Hundreds of aging Koreans desperately seek traces of husbands and fathers still lost to Japan's brutal colonial rule, 75 years after World War II ended.
South Korean Shin Yun-sun shows photos of her 92-year-old mother, Baek Bong-rye, during an interview at her house in Seoul, South Korea Wednesday, July 29, 2020. Shin, 75, has spent decades pestering government officials, digging into records and searching burial grounds on Russia’s desolate Sakhalin island, desperately searching for traces of a father she never met. Shin wants to bring back the remains of her presumably dead father for her ailing mother.
WWII ended with the Korean Peninsula divided into a Soviet-backed north and U.S.-backed south, and the devastating 1950-53 Korean War followed. In the ensuing decades, Cold War animosities saw the rival Koreas regularly threatening each other with war.
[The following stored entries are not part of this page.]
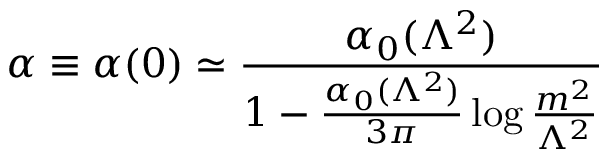
\alpha \equiv \alpha ( 0 ) \simeq { \frac { \alpha _ { 0 } ( \Lambda ^ { 2 } ) } { 1 - { \frac { \alpha _ { 0 } ( \Lambda ^ { 2 } ) } { 3 \pi } } \log { \frac { m ^ { 2 } } { \Lambda ^ { 2 } } } } }
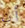
أن
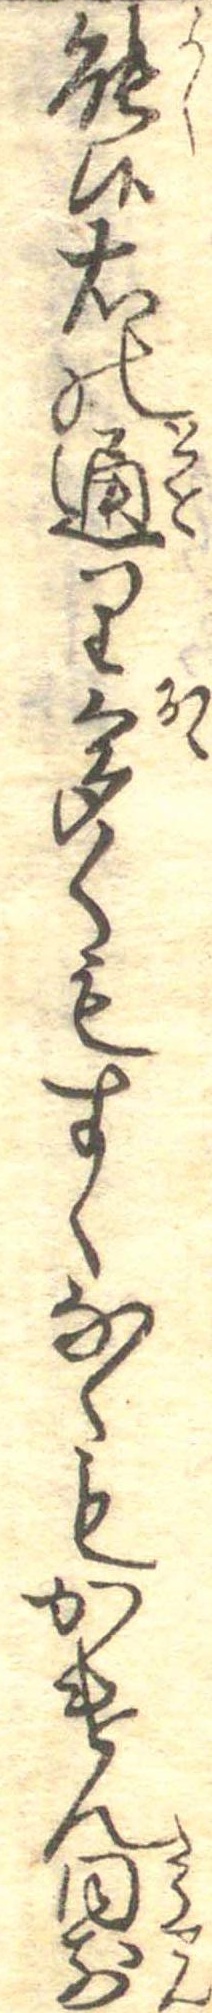
能候右の通り多くもすくなくもかけん同前
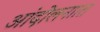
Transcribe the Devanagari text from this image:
आंदोलनाात
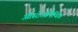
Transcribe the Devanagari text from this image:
ओस्टेओपैथिक
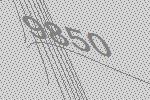
9850
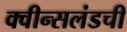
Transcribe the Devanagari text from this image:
क्वीन्सलंडची
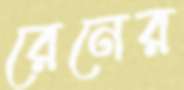
রেনের
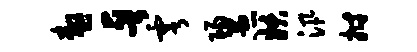
嗷晋雩阳愚妖汛拊
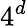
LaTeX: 4^{d}
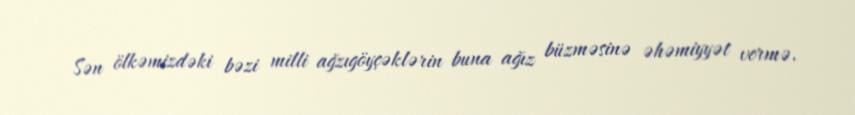
Sən ölkəmizdəki bəzi milli ağzıgöyçəklərin buna ağız büzməsinə əhəmiyyət vermə.
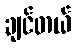
ချင်တယ်
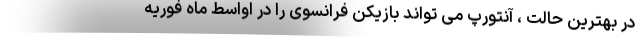
در بهترین حالت ، آنتورپ می تواند بازیکن فرانسوی را در اواسط ماه فوریه
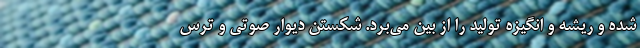
شده و ریشه و انگیزه تولید را از بین می‌برد. شکستن دیوار صوتی و ترس

Families thought their loved ones would return when Japan’s surrender in WWII cemented the Soviet Union’s full control over Sakhalin.
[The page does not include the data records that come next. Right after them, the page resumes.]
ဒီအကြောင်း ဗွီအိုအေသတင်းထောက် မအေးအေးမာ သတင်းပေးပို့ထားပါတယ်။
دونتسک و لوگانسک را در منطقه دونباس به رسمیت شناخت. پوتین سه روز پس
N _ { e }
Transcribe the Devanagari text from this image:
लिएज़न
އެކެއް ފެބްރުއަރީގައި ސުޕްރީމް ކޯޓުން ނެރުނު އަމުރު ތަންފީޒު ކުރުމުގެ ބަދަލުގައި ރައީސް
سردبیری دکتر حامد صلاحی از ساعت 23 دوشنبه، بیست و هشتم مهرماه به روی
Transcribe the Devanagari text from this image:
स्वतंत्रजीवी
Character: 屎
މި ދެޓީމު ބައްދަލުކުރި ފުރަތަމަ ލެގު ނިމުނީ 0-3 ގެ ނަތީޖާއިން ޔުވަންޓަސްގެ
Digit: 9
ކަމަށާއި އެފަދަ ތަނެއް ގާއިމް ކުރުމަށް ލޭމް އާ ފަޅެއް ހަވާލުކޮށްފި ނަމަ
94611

While Soviet authorities offered the Korean workers Soviet or North Korean citizenship beginning in the 1950s, many chose to remain stateless in hopes of eventually returning to South Korea. Another searching family member, Lee Gwang-nam, 76, bears a striking resemblance to his missing father, who was conscripted on the same day as Shin’s father from their hometown of Imsil.